# BERT Training for Phishing Email Detection

This notebook is designed to fine-tune a BERT model for the task of phishing email detection. We will utilize the Enron dataset for legitimate emails and a public phishing dataset for training and evaluation.

In [1]:
import pandas as pd
import numpy as np
import torch
from sklearn.model_selection import train_test_split
from transformers import BertTokenizer, BertForSequenceClassification, Trainer, TrainingArguments
from datasets import load_dataset, Dataset
import os

# Check if GPU is available
device = torch.device('cuda') if torch.cuda.is_available() else torch.device('cpu')
print(f'Using device: {device}')

## Load and Preprocess Data

We will load the datasets from the Enron and phishing directories, preprocess them, and create a training and testing split.

In [2]:
# Load datasets
enron_data = pd.read_csv(os.path.join('..', 'data', 'enron', 'enron_emails.csv'))
phishing_data = pd.read_csv(os.path.join('..', 'data', 'phishing', 'phishing_emails.csv'))

# Combine datasets
enron_data['label'] = 0  # Legitimate emails
phishing_data['label'] = 1  # Phishing emails
data = pd.concat([enron_data, phishing_data], ignore_index=True)

# Shuffle and split the dataset
train_data, test_data = train_test_split(data, test_size=0.2, random_state=42, stratify=data['label'])

## Tokenization

We will use the BERT tokenizer to convert the text data into the format required for BERT.

In [3]:
tokenizer = BertTokenizer.from_pretrained('bert-base-uncased')

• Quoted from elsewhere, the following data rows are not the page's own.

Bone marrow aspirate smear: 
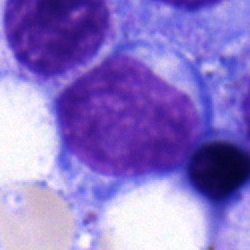

Showing a blast cell.
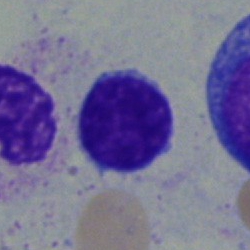 Morphological class = typical lymphocyte.
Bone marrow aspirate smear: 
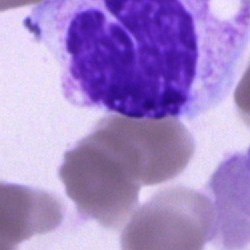 Morphological class — polymorphonuclear neutrophil.
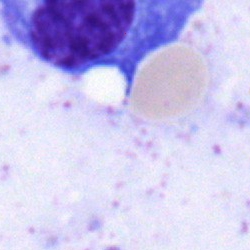 Q: Which cell type is shown here?
A: Plasma cell.
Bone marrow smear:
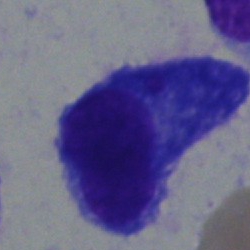 Showing a plasmacyte.
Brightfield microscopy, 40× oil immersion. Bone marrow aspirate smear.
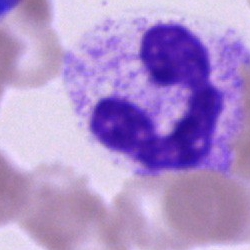
A polymorphonuclear neutrophil.
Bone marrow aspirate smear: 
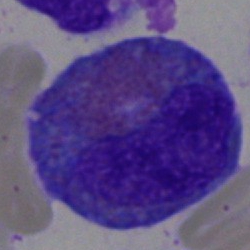

Impression → eosinophil.
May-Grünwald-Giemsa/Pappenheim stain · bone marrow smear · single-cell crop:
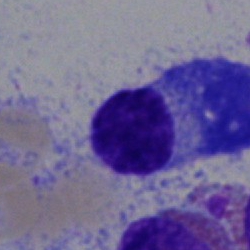
Impression — plasmacyte.
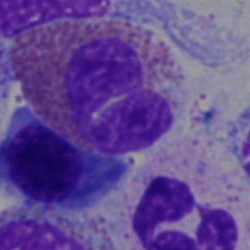 This is an eosinophil.
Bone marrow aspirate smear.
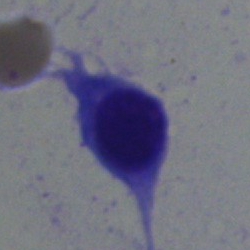

This is a typical lymphocyte.
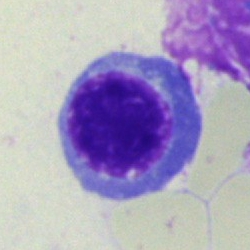
The cell shown is an erythroblast.
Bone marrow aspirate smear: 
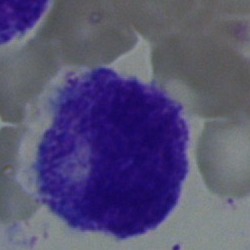
Specimen: bone marrow aspirate smear.
Cell: promyelocyte.
Lineage: myeloid.
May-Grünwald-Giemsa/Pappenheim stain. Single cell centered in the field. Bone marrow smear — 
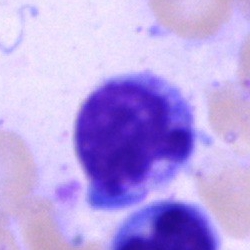
Specimen: bone marrow aspirate smear.
Cell: typical lymphocyte.
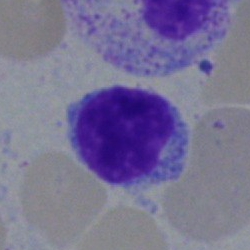

Single-cell crop from a bone marrow smear: typical lymphocyte.
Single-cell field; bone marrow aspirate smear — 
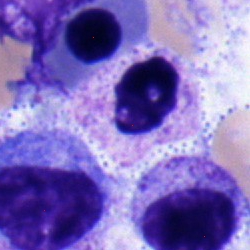 Specimen: bone marrow smear.
Classification: neutrophil (segmented).
Lineage: myeloid.
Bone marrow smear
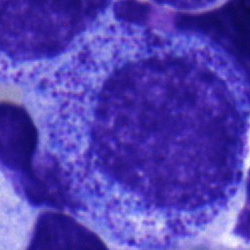

Classification: progranulocyte.
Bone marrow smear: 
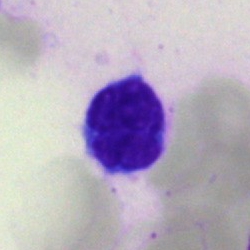Classification — lymphocyte.
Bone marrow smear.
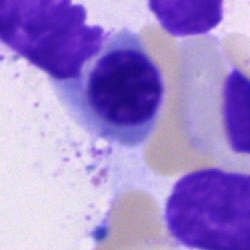

Specimen: bone marrow aspirate smear.
Cell type: nucleated red blood cell.
Lineage: erythroid.
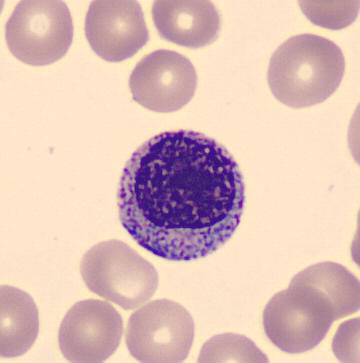
The cell type is myelocyte.
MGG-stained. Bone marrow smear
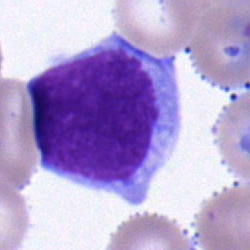 Q: What cell is this?
A: This is an undifferentiated blast.
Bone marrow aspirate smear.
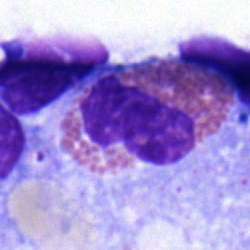
{"cell_type": "eosinophil"}
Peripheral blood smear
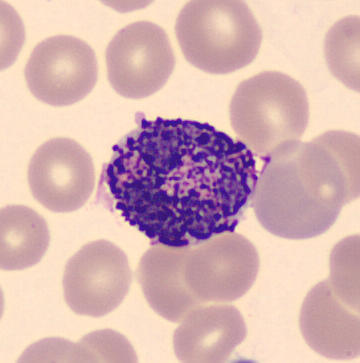
Morphological class — basophilic granulocyte.
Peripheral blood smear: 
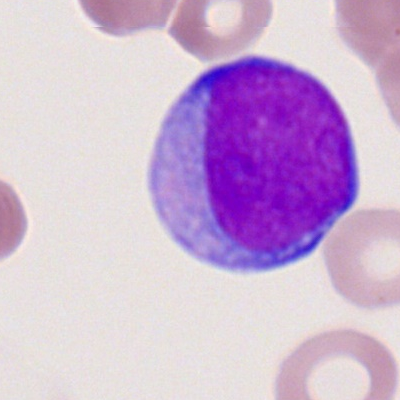
Single cell identified as a myeloblast.
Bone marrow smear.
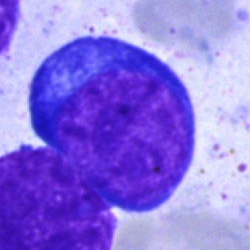
Q: What type of cell is this?
A: It is a pronormoblast.
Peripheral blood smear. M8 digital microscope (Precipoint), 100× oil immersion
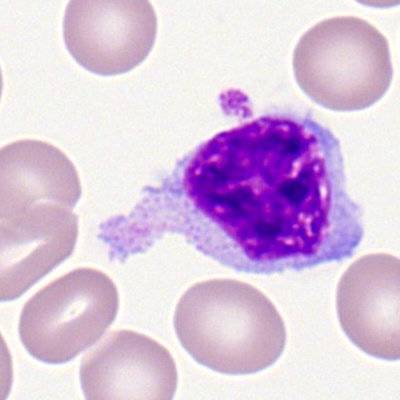Typical lymphocyte.
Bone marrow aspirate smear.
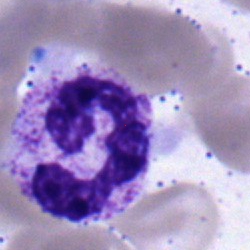 Q: What cell is this?
A: A segmented neutrophil.
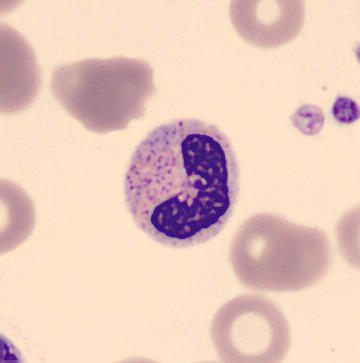Impression — neutrophil (band).
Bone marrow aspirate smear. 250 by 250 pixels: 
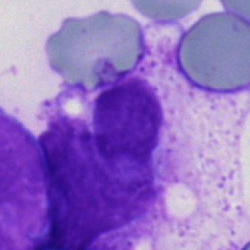
Cell: artefact.
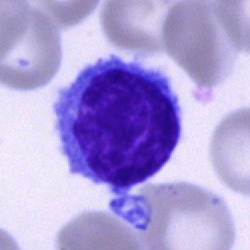The cell is lymphocyte.
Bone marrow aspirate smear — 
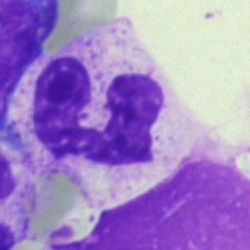

Specimen: bone marrow smear.
Morphological class: neutrophil (segmented).
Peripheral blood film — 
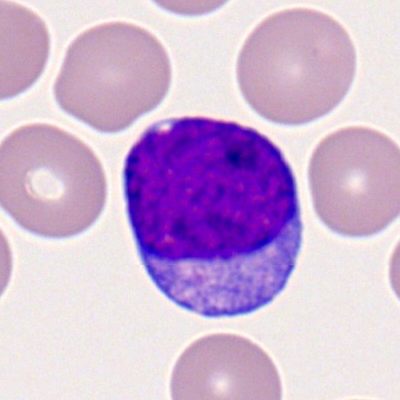
The cell is myeloid blast.
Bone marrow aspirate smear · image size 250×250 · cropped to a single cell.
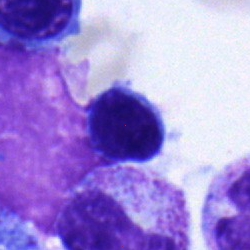Showing a lymphocyte.
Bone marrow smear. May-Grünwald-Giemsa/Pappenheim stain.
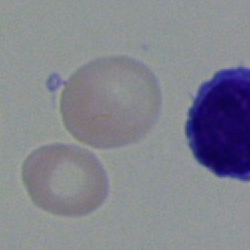 Morphological class — unidentifiable cell.
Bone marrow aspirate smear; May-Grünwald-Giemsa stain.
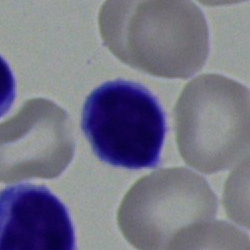

The classification is typical lymphocyte.
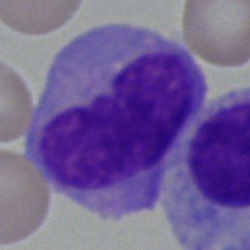Morphology — monocyte.
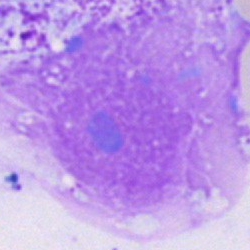 Cell type — artifact.
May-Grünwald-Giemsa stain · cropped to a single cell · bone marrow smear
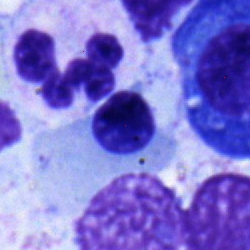 Morphological class = normoblast.
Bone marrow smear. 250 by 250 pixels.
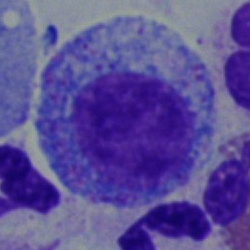

{"cell_type": "promyelocyte", "lineage": "myeloid"}
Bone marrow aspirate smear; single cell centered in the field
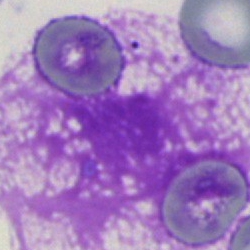
Impression — artifact.
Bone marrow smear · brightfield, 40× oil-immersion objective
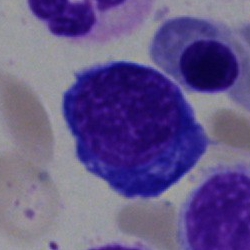Specimen: bone marrow smear.
Cell type: nucleated red blood cell.
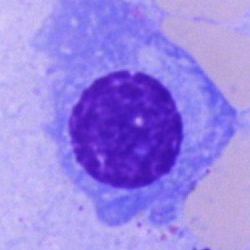
Single cell identified as a plasmacyte.
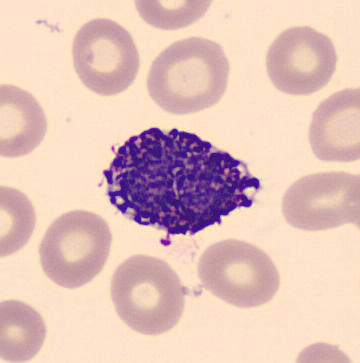
Showing a basophilic granulocyte.
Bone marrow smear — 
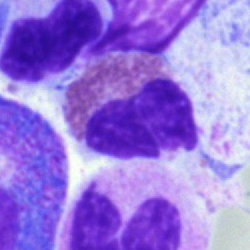Morphology — eosinophilic granulocyte.
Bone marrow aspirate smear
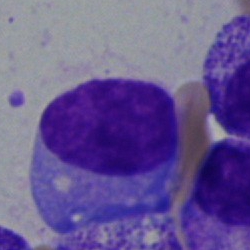 Showing a plasma cell.
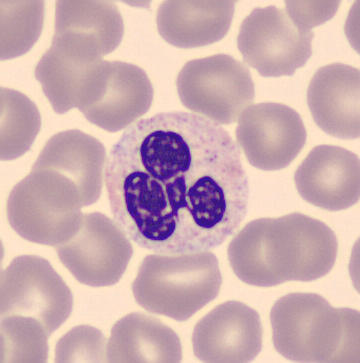

Peripheral blood smear.

{"cell_type": "segmented neutrophil"}
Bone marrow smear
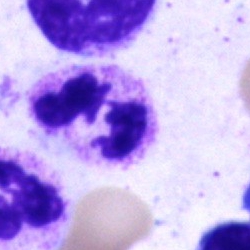Classification — neutrophil (segmented).
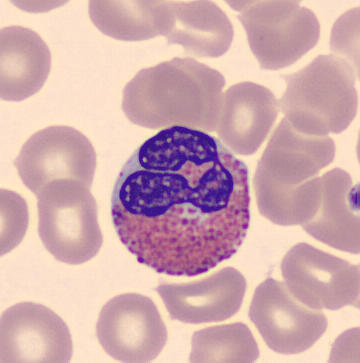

def tokenize_function(examples):
    return tokenizer(examples['text'], padding='max_length', truncation=True)

# Create Dataset objects
train_dataset = Dataset.from_pandas(train_data[['text', 'label']])
test_dataset = Dataset.from_pandas(test_data[['text', 'label']])

# Tokenize datasets
train_dataset = train_dataset.map(tokenize_function, batched=True)
test_dataset = test_dataset.map(tokenize_function, batched=True)

# Set format for PyTorch
train_dataset.set_format(type='torch', columns=['input_ids', 'attention_mask', 'label'])
test_dataset.set_format(type='torch', columns=['input_ids', 'attention_mask', 'label'])

## Model Training

We will now set up the BERT model for sequence classification and train it using the Trainer API.

In [4]:
model = BertForSequenceClassification.from_pretrained('bert-base-uncased', num_labels=2)
model.to(device)

training_args = TrainingArguments(
    output_dir='..\models\fine_tuned_bert_model',
    evaluation_strategy='epoch',
    learning_rate=2e-5,
    per_device_train_batch_size=16,
    per_device_eval_batch_size=16,
    num_train_epochs=3,
    weight_decay=0.01,
    logging_dir='logs',
)

trainer = Trainer(
    model=model,
    args=training_args,
    train_dataset=train_dataset,
    eval_dataset=test_dataset,
)

trainer.train()

## Save the Model

After training, we will save the fine-tuned model for later use.

In [5]:
model.save_pretrained('..\models\fine_tuned_bert_model')
tokenizer.save_pretrained('..\models\fine_tuned_bert_model')

## Conclusion

In this notebook, we have fine-tuned a BERT model for phishing email detection. The model is now ready for evaluation and integration into the Streamlit application.